== Entries supplied
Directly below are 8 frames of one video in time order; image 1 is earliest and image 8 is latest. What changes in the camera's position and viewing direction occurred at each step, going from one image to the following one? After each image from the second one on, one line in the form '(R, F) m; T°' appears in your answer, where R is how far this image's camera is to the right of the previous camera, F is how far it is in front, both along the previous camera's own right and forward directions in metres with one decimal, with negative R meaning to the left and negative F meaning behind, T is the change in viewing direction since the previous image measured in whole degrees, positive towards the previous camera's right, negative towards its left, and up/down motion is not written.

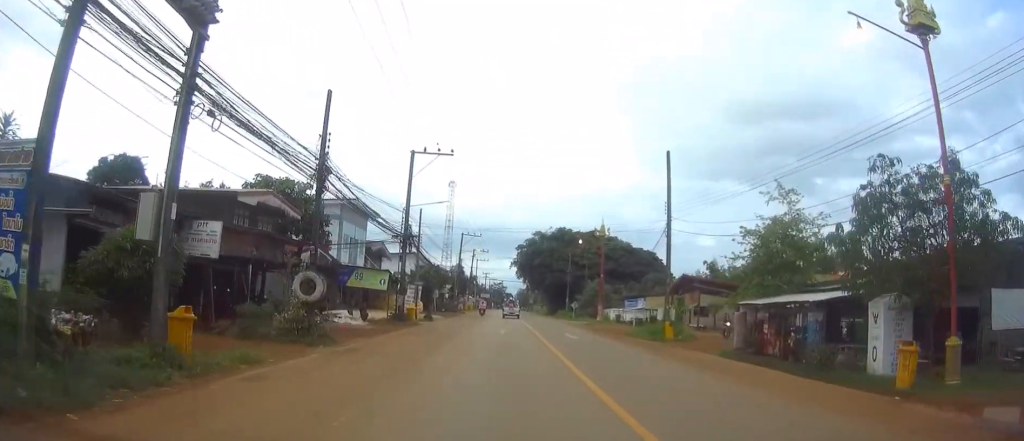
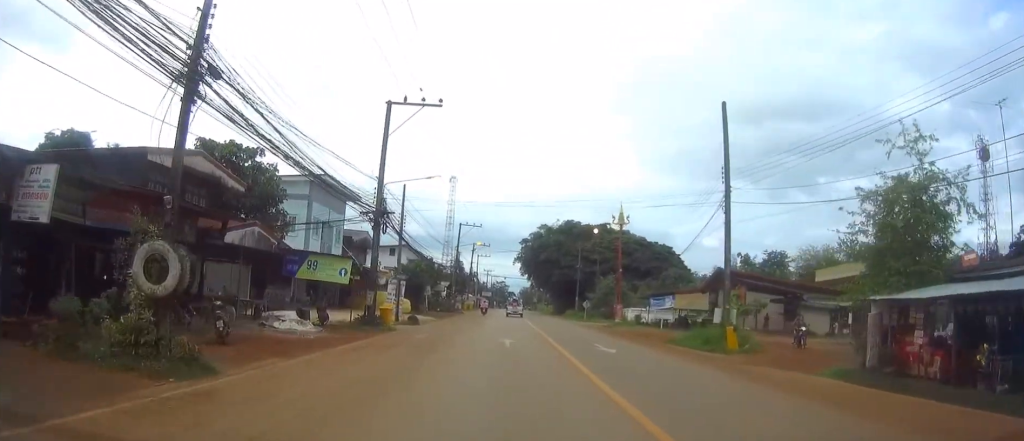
(0.0, +9.8) m; 0°
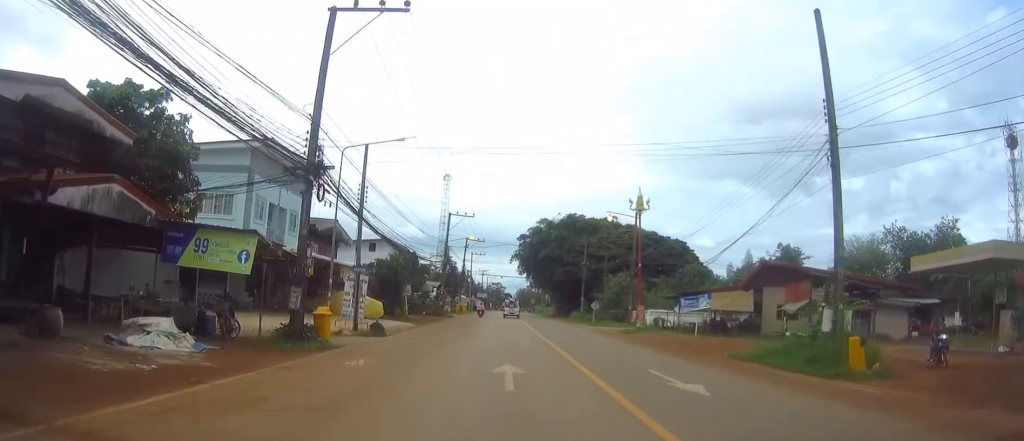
(+0.1, +10.2) m; 0°
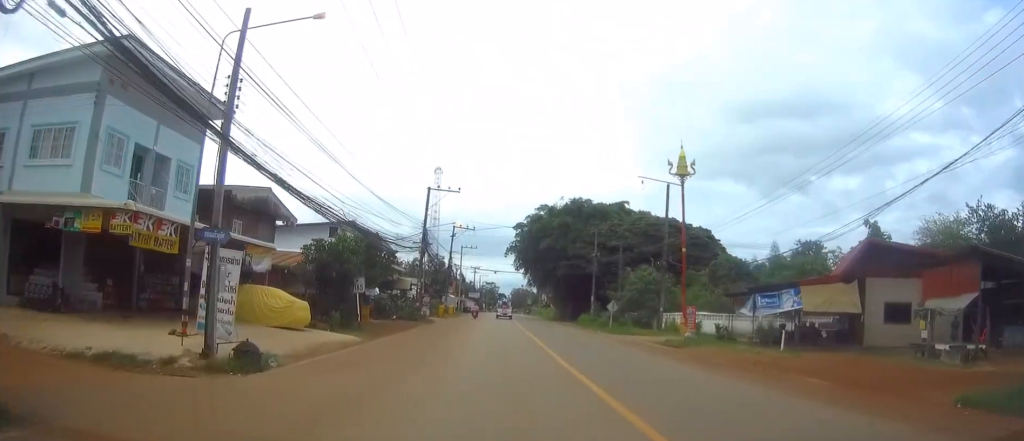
(0.0, +14.1) m; 0°
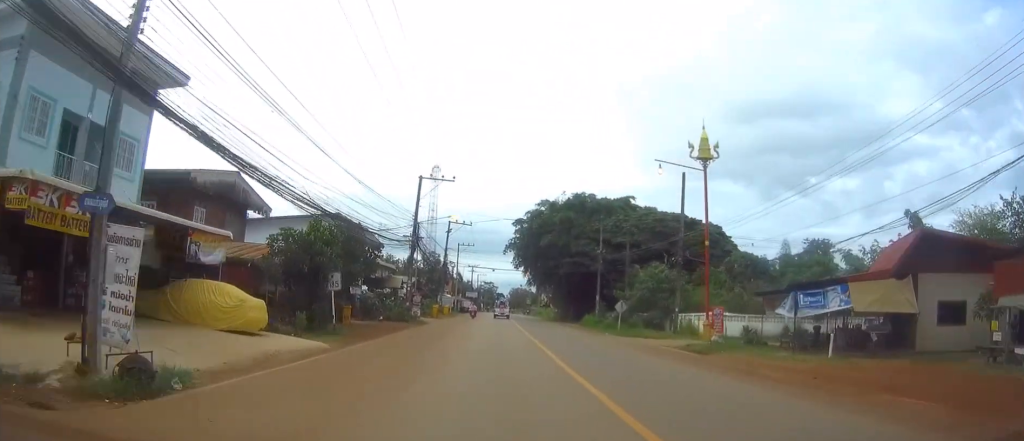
(0.0, +5.0) m; 0°
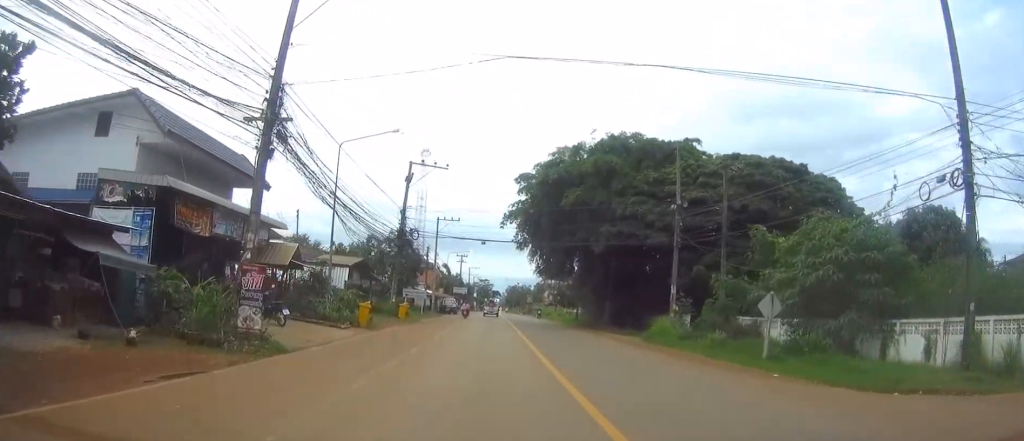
(+0.6, +29.1) m; +1°
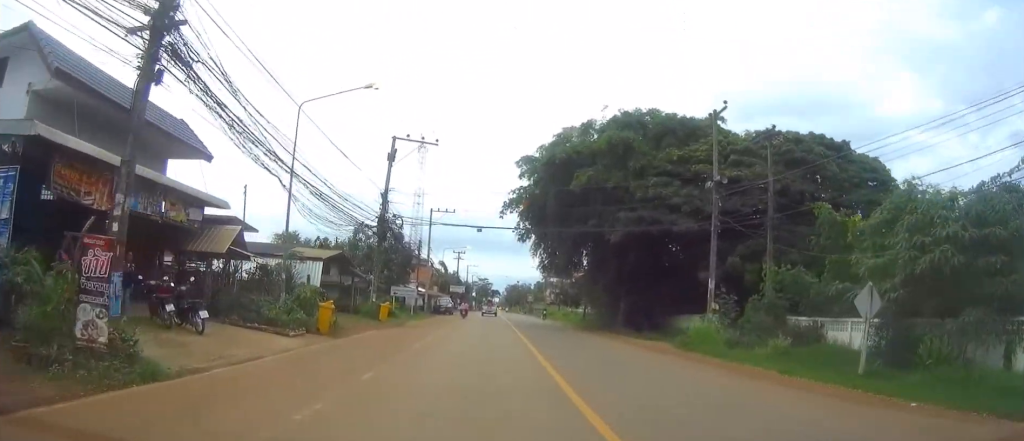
(-0.1, +6.4) m; 0°
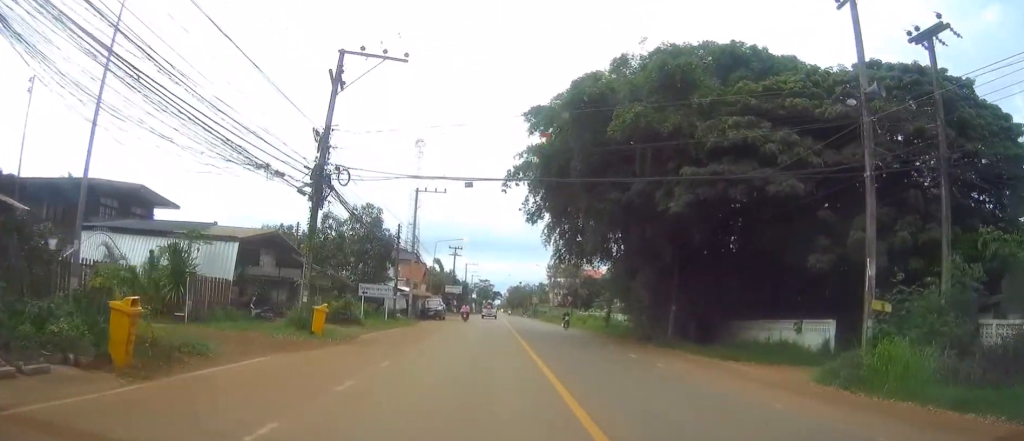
(+0.1, +13.3) m; +1°
====
*Instructions for the task*.
Exact copy, no pictures: reproduce every record above.

*Answer for the task*.
Directly below are 8 frames of one video in time order; image 1 is earliest and image 8 is latest. What changes in the camera's position and viewing direction occurred at each step, going from one image to the following one? After each image from the second one on, one line in the form '(R, F) m; T°' appears in your answer, where R is how far this image's camera is to the right of the previous camera, F is how far it is in front, both along the previous camera's own right and forward directions in metres with one decimal, with negative R meaning to the left and negative F meaning behind, T is the change in viewing direction since the previous image measured in whole degrees, positive towards the previous camera's right, negative towards its left, and up/down motion is not written.

(0.0, +9.8) m; 0°
(+0.1, +10.2) m; 0°
(0.0, +14.1) m; 0°
(0.0, +5.0) m; 0°
(+0.6, +29.1) m; +1°
(-0.1, +6.4) m; 0°
(+0.1, +13.3) m; +1°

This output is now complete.